Stored dataset items -

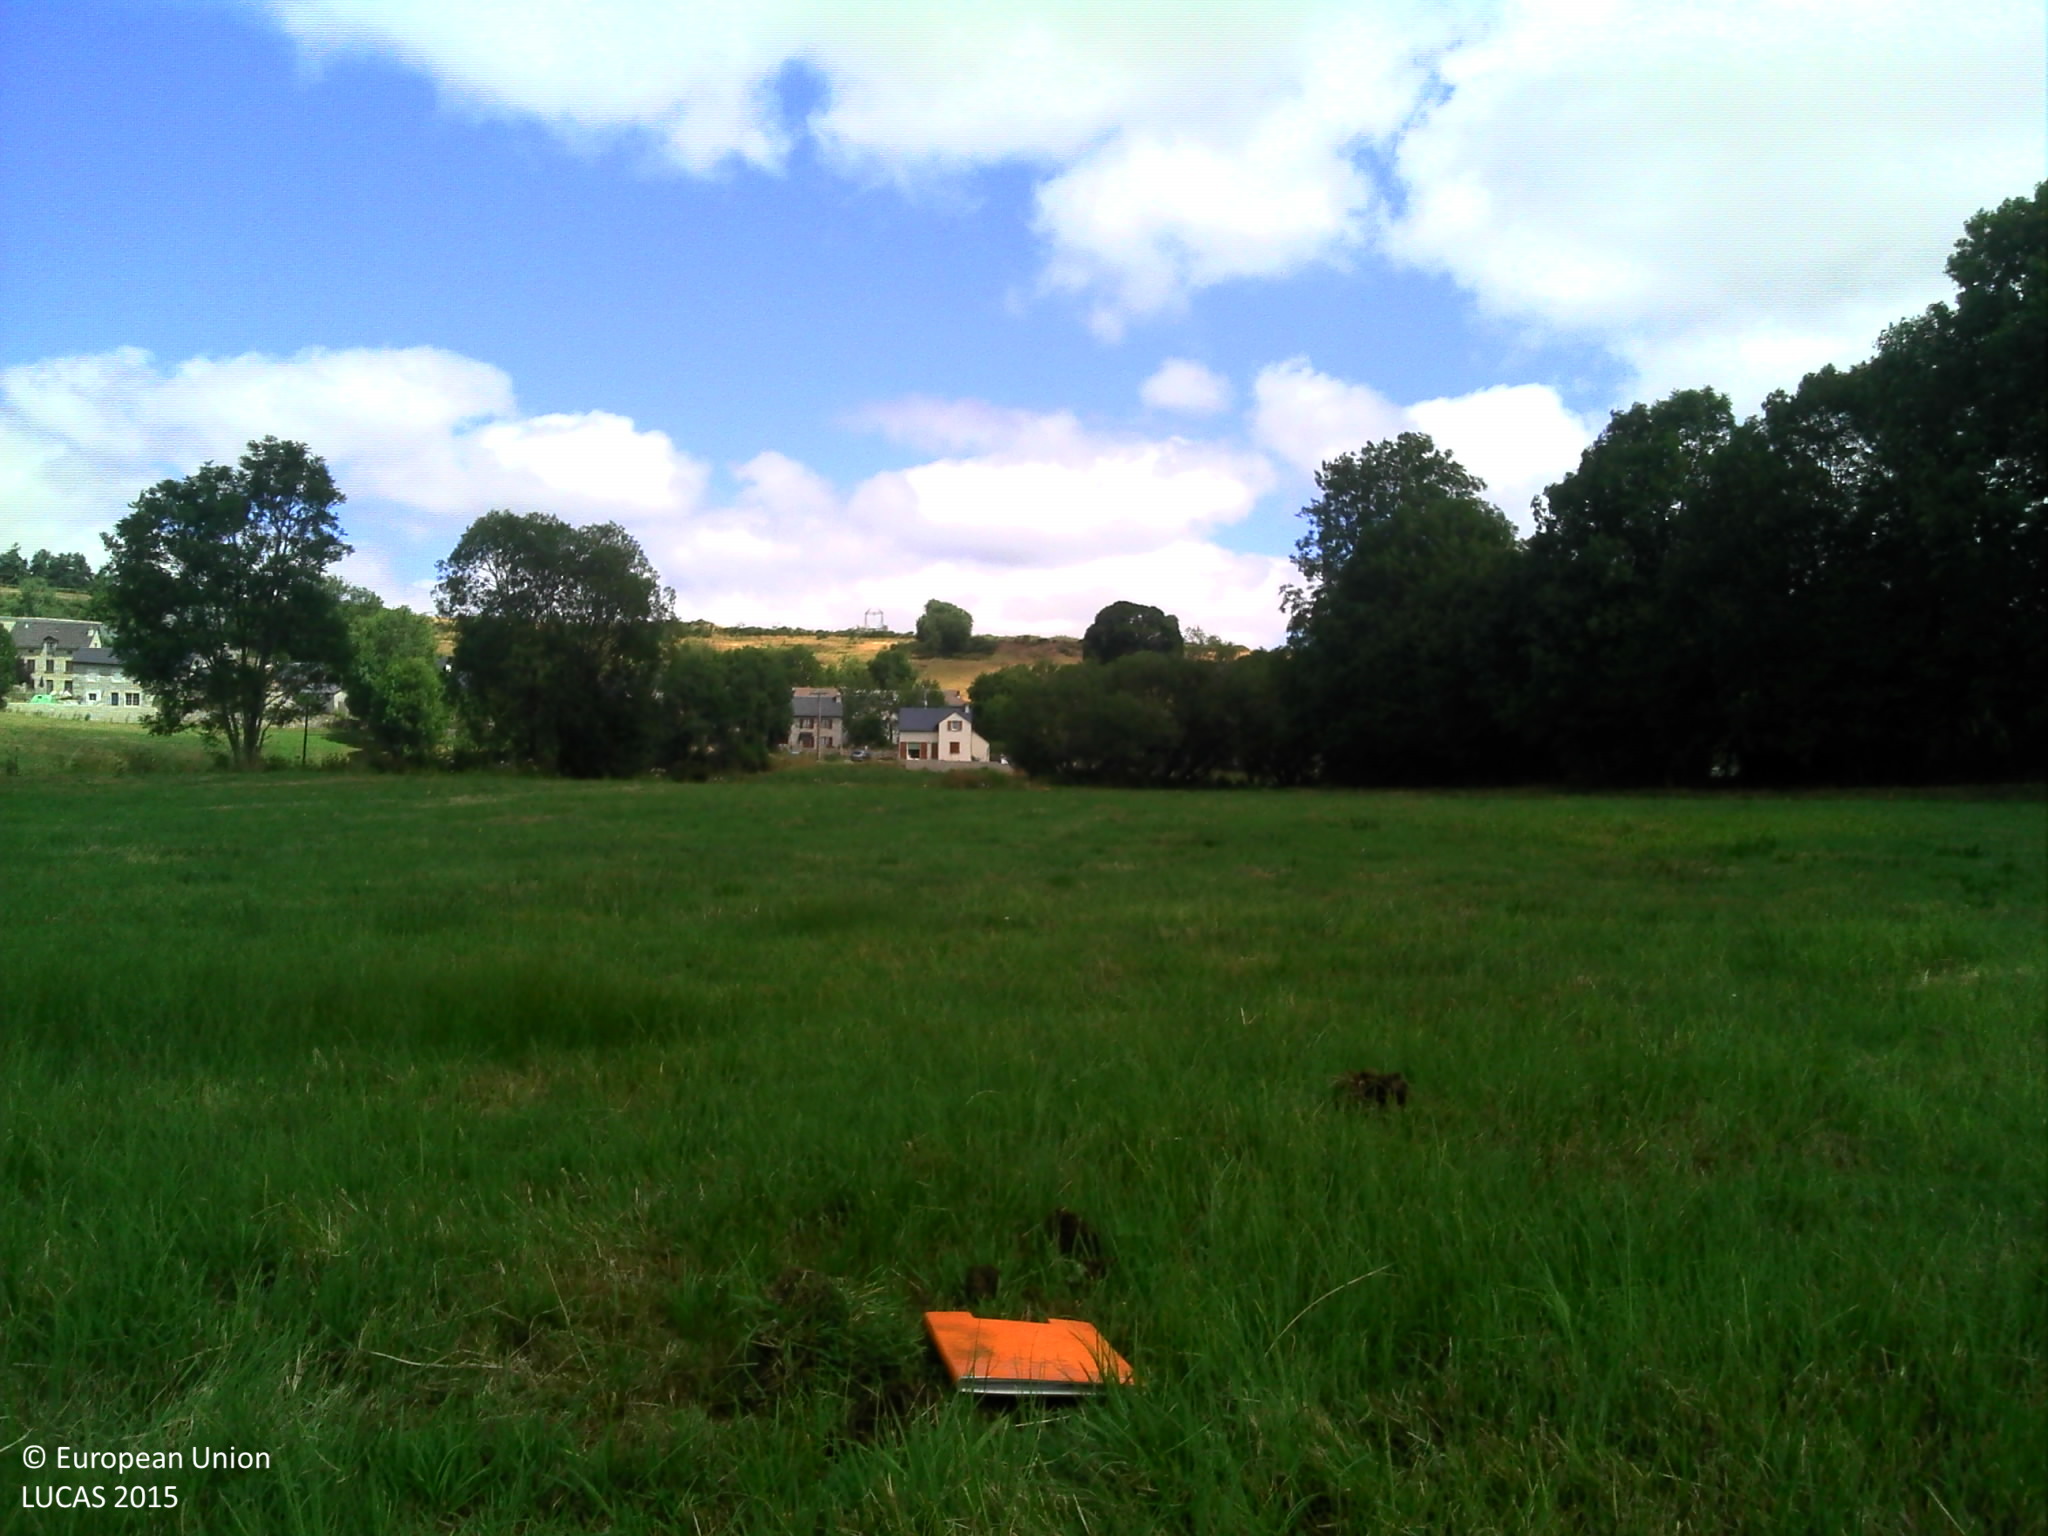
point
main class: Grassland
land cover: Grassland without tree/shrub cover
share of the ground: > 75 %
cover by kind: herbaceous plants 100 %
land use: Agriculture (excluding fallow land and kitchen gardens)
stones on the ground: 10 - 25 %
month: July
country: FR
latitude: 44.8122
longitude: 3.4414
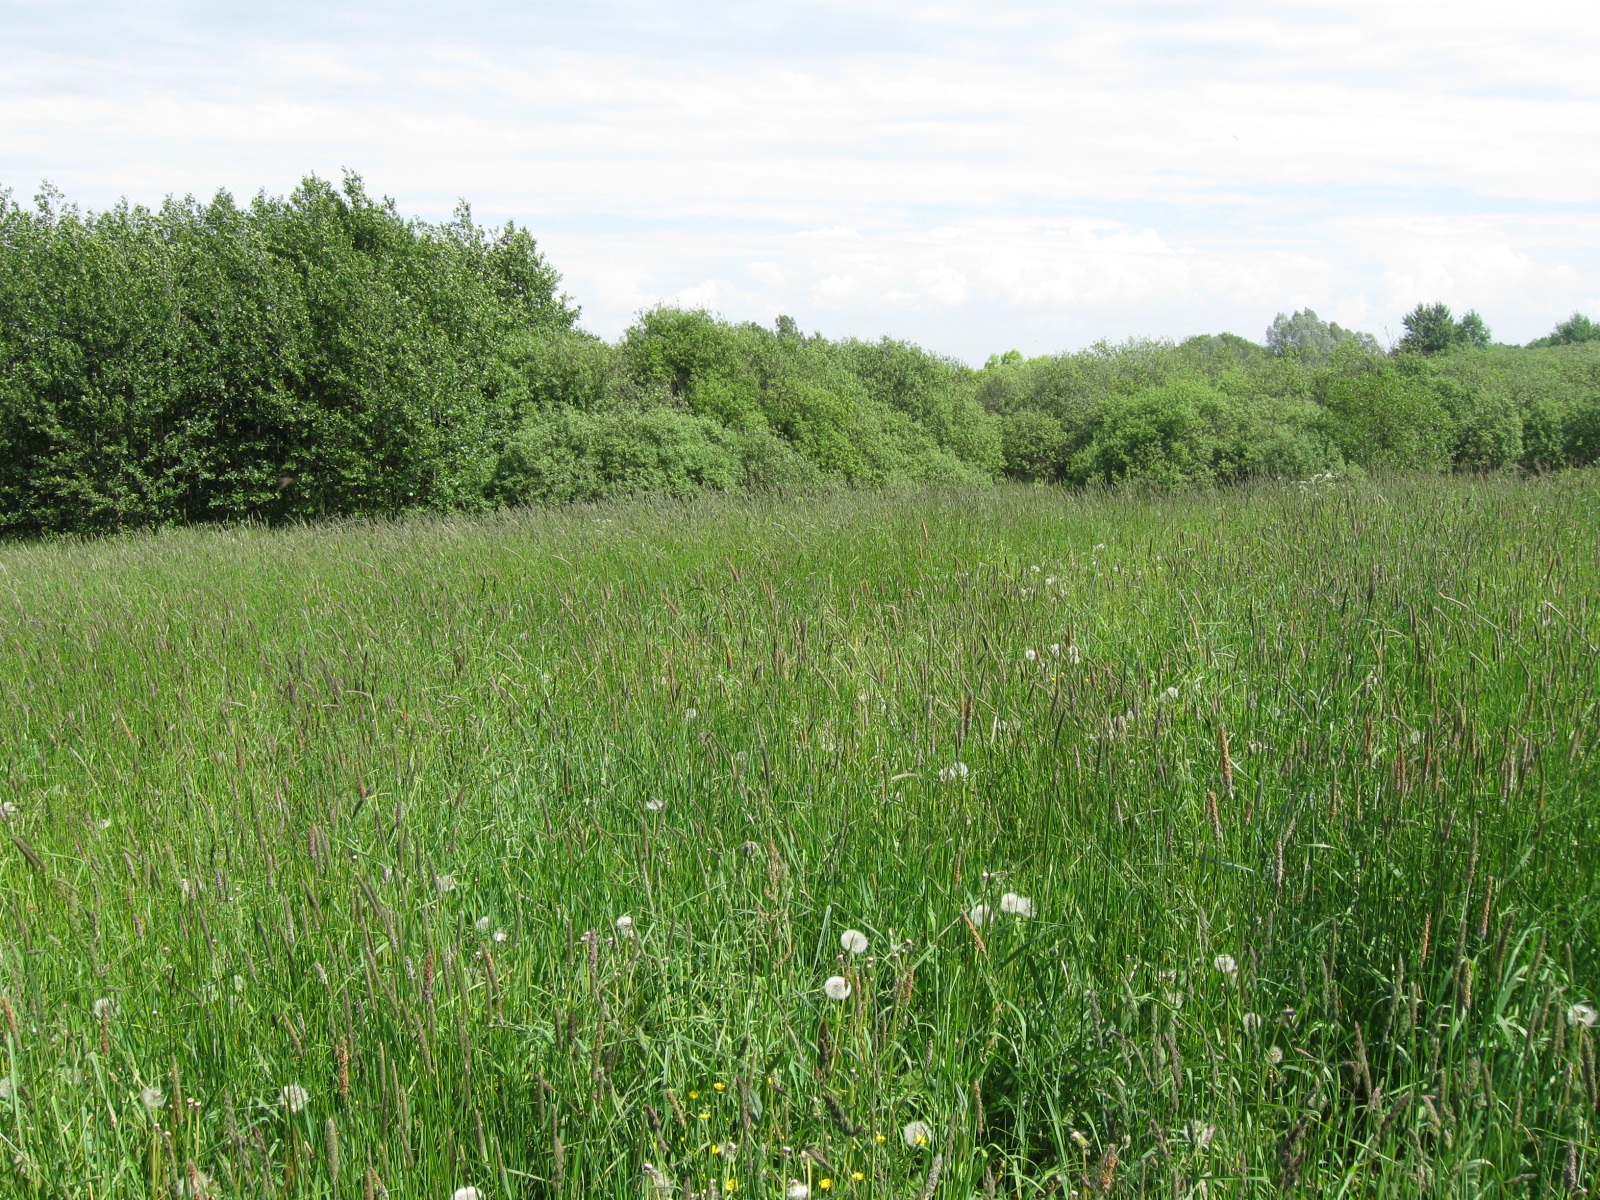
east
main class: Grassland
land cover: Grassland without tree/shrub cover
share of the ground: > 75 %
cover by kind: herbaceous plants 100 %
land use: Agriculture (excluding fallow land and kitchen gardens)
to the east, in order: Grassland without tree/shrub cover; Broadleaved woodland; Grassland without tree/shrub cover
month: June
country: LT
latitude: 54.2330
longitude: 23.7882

What needs to be done - Could you set down every record above exactly as written, leaving out the pictures?

Task result -
point
main class: Grassland
land cover: Grassland without tree/shrub cover
share of the ground: > 75 %
cover by kind: herbaceous plants 100 %
land use: Agriculture (excluding fallow land and kitchen gardens)
stones on the ground: 10 - 25 %
month: July
country: FR
latitude: 44.8122
longitude: 3.4414
east
main class: Grassland
land cover: Grassland without tree/shrub cover
share of the ground: > 75 %
cover by kind: herbaceous plants 100 %
land use: Agriculture (excluding fallow land and kitchen gardens)
to the east, in order: Grassland without tree/shrub cover; Broadleaved woodland; Grassland without tree/shrub cover
month: June
country: LT
latitude: 54.2330
longitude: 23.7882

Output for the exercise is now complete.